» INPUT DATA:
● ● ● ● ●

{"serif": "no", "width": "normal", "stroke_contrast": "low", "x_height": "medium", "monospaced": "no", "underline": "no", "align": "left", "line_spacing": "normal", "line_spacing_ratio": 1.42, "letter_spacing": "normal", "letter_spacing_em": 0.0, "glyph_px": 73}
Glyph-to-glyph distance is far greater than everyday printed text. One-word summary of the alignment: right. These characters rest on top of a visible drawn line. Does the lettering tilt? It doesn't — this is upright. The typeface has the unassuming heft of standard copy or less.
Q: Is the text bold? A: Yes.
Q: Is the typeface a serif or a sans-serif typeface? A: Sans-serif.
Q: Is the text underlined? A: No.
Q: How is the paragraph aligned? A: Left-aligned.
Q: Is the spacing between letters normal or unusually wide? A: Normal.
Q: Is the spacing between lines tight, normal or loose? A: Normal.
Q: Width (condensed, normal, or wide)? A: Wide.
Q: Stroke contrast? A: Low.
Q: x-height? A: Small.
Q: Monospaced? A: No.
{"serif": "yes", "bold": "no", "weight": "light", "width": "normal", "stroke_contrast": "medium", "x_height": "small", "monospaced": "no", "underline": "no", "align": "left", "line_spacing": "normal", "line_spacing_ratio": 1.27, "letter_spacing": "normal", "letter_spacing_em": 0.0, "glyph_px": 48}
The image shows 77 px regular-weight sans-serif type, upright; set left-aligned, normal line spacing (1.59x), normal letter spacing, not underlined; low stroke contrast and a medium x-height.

● ● ● ● ●

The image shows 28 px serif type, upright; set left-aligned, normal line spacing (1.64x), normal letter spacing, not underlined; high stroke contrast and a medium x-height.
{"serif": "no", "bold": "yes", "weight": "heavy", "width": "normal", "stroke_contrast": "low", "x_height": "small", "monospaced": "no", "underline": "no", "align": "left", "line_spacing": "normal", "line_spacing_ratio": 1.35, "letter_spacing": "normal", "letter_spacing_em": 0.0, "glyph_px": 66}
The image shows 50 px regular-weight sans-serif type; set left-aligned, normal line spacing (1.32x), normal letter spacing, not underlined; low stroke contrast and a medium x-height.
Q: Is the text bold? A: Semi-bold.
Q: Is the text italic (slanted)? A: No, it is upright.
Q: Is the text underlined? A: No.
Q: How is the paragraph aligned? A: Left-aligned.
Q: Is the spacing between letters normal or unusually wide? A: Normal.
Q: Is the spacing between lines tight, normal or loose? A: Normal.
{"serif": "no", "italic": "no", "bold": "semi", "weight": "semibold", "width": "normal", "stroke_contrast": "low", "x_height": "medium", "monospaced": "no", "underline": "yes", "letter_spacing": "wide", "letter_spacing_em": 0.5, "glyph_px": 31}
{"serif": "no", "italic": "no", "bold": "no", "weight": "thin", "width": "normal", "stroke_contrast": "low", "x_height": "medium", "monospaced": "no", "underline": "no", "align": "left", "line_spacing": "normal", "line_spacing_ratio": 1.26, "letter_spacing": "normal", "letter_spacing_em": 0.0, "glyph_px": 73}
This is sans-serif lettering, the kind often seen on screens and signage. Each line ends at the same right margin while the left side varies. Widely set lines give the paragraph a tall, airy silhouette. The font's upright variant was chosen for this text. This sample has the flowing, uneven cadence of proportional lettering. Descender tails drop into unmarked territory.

● ● ● ● ●

» REQUIREMENT:
Copy out only the lines of the records above from the one with "Q: Is the text bold? A: Yes." through the one with "The image shows 77", exactly as they stand, both included.

» RESULT OF THE TASK:
Q: Is the text bold? A: Yes.
Q: Is the typeface a serif or a sans-serif typeface? A: Sans-serif.
Q: Is the text underlined? A: No.
Q: How is the paragraph aligned? A: Left-aligned.
Q: Is the spacing between letters normal or unusually wide? A: Normal.
Q: Is the spacing between lines tight, normal or loose? A: Normal.
Q: Width (condensed, normal, or wide)? A: Wide.
Q: Stroke contrast? A: Low.
Q: x-height? A: Small.
Q: Monospaced? A: No.
{"serif": "yes", "bold": "no", "weight": "light", "width": "normal", "stroke_contrast": "medium", "x_height": "small", "monospaced": "no", "underline": "no", "align": "left", "line_spacing": "normal", "line_spacing_ratio": 1.27, "letter_spacing": "normal", "letter_spacing_em": 0.0, "glyph_px": 48}
The image shows 77 px regular-weight sans-serif type, upright; set left-aligned, normal line spacing (1.59x), normal letter spacing, not underlined; low stroke contrast and a medium x-height.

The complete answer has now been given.